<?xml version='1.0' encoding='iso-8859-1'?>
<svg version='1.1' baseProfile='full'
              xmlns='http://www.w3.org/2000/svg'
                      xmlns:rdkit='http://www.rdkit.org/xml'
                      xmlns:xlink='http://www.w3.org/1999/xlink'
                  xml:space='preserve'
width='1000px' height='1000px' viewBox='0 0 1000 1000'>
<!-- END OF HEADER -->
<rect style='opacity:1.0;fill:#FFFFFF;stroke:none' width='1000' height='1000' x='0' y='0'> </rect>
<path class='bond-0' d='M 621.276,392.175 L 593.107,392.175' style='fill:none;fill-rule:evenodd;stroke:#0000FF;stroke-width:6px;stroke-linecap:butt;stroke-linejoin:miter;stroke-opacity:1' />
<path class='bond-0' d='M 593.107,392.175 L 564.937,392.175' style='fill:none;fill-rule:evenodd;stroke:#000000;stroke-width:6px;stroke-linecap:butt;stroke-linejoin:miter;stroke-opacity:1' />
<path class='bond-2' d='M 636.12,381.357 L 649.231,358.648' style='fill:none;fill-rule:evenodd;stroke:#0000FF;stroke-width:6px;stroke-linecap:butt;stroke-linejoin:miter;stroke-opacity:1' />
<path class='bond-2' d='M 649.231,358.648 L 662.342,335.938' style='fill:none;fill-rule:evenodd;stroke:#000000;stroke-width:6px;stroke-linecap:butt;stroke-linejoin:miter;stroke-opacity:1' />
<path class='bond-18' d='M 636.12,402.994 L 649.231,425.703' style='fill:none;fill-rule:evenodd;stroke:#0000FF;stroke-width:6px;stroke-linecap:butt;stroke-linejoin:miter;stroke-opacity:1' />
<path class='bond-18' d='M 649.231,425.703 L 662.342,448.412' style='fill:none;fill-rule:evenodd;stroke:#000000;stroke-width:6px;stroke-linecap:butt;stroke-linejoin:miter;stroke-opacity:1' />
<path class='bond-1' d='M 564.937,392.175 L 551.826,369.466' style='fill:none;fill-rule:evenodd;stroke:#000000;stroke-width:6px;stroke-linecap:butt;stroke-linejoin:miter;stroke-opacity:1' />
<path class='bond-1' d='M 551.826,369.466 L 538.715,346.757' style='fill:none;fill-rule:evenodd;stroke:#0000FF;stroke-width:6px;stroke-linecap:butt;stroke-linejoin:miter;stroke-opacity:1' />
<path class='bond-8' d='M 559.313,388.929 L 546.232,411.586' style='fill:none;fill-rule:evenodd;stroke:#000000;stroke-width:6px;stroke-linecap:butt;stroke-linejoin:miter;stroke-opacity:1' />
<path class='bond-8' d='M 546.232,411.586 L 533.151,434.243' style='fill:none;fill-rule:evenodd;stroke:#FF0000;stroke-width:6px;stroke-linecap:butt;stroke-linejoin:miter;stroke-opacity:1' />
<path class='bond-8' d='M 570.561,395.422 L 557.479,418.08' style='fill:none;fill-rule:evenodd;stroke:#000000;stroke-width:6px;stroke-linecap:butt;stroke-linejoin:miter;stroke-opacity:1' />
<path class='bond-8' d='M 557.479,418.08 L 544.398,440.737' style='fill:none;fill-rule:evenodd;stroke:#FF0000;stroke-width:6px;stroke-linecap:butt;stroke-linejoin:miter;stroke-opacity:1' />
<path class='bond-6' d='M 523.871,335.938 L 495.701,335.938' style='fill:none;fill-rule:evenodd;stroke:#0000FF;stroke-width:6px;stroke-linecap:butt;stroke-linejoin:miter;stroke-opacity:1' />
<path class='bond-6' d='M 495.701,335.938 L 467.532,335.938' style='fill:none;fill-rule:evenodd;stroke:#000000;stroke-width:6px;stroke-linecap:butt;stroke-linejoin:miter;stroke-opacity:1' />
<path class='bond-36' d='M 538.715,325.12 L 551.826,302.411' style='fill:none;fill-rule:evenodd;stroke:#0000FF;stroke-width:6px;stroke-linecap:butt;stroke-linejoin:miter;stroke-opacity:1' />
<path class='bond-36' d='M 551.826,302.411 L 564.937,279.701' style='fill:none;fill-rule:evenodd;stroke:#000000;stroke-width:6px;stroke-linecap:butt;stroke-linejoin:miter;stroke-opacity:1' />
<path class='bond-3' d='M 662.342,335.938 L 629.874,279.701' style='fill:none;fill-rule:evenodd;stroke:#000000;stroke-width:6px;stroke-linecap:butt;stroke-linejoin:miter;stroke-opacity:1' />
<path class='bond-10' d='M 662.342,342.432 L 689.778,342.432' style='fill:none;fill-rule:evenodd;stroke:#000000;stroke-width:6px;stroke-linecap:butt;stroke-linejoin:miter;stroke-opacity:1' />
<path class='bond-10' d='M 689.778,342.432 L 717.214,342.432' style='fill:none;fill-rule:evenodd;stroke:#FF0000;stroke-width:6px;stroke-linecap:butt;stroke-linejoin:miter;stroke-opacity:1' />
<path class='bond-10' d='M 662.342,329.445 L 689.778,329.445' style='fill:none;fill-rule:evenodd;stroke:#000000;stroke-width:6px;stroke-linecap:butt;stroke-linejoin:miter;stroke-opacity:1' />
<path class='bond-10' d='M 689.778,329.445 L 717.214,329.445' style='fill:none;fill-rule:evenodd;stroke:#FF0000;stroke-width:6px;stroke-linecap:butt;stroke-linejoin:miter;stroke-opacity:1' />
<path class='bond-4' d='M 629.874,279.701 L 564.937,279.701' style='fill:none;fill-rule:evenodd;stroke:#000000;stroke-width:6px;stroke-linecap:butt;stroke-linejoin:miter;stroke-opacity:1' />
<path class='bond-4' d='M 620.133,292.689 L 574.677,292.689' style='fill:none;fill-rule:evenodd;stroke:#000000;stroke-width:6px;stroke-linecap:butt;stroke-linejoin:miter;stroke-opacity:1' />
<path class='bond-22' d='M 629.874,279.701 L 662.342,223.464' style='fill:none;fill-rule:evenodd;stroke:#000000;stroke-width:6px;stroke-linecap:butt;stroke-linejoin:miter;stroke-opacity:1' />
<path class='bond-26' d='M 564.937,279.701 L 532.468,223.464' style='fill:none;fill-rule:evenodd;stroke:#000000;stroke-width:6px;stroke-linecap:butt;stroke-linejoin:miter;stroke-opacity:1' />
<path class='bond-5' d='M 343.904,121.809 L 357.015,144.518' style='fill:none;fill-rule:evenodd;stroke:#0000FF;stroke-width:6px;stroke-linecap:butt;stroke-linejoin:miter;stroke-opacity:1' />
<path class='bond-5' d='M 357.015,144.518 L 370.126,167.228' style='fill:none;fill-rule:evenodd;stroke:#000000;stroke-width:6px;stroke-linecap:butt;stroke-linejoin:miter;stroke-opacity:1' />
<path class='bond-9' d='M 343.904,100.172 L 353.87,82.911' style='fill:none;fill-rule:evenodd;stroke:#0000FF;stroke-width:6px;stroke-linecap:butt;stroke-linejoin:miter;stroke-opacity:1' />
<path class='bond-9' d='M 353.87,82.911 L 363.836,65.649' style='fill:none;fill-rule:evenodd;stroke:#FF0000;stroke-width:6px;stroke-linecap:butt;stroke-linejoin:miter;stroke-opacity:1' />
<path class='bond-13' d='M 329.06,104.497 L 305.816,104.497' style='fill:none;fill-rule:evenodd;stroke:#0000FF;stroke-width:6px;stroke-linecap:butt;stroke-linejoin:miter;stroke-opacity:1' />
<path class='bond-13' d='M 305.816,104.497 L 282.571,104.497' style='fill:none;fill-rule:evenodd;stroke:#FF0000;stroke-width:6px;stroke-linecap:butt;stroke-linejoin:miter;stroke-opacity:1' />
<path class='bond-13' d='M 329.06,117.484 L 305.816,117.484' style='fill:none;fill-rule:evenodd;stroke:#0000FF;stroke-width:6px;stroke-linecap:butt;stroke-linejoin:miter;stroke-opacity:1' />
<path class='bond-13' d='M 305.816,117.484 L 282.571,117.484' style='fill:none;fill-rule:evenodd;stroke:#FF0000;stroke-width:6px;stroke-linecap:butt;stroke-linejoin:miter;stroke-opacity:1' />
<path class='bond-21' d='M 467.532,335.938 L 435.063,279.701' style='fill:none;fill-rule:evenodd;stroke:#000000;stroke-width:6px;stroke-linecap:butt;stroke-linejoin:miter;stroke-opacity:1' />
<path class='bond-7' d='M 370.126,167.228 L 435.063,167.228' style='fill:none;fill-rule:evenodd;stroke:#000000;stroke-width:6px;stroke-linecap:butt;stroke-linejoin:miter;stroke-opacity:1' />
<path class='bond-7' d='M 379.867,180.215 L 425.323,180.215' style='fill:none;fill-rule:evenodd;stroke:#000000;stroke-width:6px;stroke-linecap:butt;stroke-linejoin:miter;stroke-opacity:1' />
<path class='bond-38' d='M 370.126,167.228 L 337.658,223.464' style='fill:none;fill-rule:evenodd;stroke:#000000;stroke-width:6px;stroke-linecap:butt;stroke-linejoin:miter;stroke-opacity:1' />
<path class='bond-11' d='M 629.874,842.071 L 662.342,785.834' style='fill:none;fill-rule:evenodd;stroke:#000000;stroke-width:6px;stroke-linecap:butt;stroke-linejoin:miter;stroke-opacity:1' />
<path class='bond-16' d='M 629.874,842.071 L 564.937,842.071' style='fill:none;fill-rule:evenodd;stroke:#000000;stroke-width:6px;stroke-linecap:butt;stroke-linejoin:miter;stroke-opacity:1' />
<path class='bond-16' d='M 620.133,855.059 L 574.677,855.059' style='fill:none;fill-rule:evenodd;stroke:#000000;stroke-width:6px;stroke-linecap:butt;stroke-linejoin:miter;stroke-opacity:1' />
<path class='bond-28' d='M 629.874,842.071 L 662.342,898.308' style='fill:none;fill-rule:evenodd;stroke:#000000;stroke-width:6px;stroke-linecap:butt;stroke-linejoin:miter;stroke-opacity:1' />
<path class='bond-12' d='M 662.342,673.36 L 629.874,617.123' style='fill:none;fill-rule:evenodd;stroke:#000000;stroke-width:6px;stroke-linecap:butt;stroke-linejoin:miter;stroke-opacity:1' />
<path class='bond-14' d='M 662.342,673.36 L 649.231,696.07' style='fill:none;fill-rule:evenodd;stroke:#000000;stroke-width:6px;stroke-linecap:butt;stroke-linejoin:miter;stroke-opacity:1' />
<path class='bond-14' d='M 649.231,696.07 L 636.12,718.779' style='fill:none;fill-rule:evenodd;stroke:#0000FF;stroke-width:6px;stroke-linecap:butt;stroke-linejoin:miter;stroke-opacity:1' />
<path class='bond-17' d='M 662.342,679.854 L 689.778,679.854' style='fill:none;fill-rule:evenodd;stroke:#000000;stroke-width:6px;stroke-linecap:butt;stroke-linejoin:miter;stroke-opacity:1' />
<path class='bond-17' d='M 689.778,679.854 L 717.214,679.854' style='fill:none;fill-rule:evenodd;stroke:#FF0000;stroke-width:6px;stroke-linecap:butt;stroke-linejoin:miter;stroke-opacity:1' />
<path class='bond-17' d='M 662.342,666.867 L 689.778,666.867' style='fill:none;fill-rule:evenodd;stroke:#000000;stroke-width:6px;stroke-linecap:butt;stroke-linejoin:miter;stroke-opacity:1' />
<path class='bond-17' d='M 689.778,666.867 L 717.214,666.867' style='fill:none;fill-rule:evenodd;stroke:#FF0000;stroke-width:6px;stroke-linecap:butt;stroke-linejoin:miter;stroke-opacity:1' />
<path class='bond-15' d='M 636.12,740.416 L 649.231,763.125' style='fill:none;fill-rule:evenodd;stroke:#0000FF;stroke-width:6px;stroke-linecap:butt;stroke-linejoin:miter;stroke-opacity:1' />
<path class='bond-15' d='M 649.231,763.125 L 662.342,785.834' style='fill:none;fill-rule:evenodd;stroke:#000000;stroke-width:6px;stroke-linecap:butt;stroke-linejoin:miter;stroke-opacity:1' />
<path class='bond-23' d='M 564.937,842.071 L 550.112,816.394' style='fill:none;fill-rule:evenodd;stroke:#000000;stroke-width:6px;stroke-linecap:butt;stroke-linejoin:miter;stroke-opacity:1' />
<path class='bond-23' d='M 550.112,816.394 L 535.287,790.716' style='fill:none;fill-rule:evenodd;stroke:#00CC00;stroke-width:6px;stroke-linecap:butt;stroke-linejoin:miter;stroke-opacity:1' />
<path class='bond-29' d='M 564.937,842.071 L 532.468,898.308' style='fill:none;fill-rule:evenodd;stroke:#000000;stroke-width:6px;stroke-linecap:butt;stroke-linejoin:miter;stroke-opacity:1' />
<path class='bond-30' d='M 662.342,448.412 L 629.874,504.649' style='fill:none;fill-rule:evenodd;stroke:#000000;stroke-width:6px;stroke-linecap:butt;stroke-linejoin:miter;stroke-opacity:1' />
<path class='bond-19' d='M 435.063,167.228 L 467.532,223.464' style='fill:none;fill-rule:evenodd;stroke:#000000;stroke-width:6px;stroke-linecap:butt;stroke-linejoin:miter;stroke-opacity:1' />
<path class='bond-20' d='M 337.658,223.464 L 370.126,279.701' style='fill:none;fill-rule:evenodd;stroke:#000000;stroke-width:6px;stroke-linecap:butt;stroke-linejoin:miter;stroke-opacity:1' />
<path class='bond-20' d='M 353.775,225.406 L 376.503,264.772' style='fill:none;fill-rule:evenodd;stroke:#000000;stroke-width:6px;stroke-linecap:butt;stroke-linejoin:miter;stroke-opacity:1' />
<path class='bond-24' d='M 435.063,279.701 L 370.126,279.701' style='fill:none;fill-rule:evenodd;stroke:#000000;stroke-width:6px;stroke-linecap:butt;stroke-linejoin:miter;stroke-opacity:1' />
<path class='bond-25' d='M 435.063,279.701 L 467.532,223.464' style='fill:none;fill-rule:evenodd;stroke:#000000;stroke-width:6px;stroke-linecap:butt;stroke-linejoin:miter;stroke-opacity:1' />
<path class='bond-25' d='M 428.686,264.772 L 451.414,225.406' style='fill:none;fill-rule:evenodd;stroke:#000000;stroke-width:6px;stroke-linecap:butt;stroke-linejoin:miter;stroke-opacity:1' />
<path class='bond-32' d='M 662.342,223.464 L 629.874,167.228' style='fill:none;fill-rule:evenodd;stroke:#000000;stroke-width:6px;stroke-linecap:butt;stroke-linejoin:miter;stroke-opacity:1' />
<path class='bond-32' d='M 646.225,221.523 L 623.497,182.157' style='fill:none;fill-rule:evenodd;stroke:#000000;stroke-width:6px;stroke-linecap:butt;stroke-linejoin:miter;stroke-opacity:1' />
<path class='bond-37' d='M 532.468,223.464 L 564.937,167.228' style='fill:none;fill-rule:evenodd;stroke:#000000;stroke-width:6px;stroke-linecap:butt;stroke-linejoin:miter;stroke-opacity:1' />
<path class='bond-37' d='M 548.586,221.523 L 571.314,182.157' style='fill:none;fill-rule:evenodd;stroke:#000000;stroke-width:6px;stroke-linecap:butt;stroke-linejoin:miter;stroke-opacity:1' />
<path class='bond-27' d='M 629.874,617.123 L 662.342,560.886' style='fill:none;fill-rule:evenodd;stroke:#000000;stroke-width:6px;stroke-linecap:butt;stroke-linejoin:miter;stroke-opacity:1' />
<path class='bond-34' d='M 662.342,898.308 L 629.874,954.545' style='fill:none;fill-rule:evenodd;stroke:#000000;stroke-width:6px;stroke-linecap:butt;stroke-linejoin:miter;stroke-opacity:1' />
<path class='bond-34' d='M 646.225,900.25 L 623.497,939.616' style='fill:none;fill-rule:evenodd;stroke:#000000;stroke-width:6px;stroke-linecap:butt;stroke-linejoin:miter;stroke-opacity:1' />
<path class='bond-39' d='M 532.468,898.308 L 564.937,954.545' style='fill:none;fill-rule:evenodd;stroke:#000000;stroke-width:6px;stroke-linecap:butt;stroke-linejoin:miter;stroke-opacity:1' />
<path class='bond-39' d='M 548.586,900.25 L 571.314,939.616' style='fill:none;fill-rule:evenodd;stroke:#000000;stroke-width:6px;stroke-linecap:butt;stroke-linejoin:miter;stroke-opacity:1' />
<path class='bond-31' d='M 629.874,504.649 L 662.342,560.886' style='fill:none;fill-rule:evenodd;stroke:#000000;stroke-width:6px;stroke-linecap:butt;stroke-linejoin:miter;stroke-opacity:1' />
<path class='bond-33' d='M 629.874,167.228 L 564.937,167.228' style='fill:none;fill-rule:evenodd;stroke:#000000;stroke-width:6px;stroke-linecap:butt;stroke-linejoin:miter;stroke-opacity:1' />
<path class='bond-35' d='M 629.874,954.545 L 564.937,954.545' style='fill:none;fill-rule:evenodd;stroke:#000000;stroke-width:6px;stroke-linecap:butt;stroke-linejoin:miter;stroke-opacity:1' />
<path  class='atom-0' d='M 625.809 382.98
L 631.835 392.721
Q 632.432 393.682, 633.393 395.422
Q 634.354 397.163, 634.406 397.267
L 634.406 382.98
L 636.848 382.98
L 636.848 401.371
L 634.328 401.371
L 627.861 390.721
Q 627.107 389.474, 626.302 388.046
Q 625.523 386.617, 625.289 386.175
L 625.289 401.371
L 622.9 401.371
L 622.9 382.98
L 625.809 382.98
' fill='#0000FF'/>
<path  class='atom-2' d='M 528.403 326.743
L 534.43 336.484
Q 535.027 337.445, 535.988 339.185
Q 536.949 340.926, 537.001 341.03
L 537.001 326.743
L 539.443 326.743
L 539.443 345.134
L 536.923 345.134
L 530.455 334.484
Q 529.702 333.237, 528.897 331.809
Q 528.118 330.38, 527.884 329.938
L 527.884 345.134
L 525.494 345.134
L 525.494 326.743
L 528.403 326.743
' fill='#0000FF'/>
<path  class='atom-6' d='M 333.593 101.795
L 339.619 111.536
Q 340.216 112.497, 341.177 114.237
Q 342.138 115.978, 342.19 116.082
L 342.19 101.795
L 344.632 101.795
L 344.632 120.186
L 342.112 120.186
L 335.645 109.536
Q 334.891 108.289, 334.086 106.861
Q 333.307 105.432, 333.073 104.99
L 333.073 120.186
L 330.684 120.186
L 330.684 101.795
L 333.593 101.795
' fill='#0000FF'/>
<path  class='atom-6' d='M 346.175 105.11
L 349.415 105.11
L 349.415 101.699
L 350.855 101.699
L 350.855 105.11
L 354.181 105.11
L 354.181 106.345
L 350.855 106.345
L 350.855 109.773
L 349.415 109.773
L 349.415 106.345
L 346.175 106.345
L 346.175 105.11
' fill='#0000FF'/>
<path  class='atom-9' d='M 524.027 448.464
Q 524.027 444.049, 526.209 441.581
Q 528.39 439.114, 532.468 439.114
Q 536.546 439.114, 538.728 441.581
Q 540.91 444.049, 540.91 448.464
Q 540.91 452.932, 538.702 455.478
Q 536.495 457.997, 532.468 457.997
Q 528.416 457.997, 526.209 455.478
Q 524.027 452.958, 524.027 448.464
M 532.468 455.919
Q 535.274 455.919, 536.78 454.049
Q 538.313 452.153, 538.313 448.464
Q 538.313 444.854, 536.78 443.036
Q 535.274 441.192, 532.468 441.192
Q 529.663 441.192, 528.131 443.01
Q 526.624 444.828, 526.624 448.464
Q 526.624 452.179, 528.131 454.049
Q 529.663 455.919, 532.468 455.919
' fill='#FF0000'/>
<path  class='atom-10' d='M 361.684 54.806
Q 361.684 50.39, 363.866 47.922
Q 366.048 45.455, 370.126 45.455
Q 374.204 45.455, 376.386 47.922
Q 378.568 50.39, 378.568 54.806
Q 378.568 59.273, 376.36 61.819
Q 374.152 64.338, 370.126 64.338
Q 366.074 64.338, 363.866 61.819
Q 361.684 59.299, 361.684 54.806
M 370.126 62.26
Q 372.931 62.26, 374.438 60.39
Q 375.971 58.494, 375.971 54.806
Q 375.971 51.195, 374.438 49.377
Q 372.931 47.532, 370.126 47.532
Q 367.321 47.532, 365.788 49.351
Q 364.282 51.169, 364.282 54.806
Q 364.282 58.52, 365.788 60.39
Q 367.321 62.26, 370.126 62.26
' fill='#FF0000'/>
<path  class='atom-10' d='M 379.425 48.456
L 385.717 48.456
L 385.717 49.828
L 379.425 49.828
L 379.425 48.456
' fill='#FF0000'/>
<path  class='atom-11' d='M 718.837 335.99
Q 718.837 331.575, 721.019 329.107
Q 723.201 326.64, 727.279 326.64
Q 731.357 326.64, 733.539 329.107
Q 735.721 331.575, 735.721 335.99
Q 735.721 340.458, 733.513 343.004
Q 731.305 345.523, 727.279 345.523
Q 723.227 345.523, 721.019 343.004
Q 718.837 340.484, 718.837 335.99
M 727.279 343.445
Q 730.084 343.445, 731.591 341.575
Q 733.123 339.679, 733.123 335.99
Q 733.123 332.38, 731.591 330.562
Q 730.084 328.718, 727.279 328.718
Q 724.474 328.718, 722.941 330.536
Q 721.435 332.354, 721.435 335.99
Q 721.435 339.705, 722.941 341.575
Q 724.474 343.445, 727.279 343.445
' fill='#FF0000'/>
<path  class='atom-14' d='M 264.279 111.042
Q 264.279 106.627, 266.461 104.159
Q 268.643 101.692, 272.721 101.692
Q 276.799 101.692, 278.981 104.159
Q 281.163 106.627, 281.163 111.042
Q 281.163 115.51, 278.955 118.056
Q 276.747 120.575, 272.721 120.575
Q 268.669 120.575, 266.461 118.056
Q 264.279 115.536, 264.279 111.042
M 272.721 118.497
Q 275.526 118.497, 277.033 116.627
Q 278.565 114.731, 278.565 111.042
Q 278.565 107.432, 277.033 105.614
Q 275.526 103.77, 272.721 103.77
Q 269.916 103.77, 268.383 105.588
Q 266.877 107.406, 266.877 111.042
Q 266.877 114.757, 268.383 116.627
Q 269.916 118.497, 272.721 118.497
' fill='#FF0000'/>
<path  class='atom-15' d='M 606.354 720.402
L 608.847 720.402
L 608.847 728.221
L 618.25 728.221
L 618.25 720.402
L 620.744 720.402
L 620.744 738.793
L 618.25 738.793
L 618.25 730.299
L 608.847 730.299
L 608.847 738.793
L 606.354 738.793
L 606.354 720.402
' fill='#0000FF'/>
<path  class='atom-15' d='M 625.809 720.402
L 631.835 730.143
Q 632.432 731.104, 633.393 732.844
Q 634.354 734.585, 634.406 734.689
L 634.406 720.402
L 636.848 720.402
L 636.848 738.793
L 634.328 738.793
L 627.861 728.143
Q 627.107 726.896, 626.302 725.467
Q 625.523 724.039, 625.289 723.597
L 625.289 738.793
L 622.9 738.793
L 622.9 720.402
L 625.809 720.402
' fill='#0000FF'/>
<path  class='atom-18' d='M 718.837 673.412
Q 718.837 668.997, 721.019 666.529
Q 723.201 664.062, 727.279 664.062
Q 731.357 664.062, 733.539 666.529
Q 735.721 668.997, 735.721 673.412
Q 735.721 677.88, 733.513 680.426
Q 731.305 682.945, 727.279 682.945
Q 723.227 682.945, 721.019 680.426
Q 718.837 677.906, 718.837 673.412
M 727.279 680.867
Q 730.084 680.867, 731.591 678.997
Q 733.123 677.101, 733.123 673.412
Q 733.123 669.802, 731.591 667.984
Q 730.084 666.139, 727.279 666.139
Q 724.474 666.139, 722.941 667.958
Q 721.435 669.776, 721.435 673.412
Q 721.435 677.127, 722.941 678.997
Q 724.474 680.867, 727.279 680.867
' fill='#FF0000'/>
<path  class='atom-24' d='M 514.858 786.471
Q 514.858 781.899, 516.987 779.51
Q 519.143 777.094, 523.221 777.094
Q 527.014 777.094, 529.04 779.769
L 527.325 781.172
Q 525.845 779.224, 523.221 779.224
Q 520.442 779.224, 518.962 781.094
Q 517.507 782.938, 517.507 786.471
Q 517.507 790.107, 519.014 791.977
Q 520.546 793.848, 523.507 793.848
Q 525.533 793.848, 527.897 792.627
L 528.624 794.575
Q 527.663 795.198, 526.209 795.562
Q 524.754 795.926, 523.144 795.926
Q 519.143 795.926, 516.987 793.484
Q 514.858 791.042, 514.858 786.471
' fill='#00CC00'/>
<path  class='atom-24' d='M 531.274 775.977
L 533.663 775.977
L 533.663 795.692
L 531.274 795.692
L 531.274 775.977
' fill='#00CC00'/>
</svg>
——————
■ **EXERCISE REQUIREMENTS**
The response must consist solely of the lines from the top of the records through the line holding "<path class='bond-0' d='M 621.276,392.175", copied word for word.

■ **SOLUTION FOR THIS PROBLEM**
<?xml version='1.0' encoding='iso-8859-1'?>
<svg version='1.1' baseProfile='full'
              xmlns='http://www.w3.org/2000/svg'
                      xmlns:rdkit='http://www.rdkit.org/xml'
                      xmlns:xlink='http://www.w3.org/1999/xlink'
                  xml:space='preserve'
width='1000px' height='1000px' viewBox='0 0 1000 1000'>
<!-- END OF HEADER -->
<rect style='opacity:1.0;fill:#FFFFFF;stroke:none' width='1000' height='1000' x='0' y='0'> </rect>
<path class='bond-0' d='M 621.276,392.175 L 593.107,392.175' style='fill:none;fill-rule:evenodd;stroke:#0000FF;stroke-width:6px;stroke-linecap:butt;stroke-linejoin:miter;stroke-opacity:1' />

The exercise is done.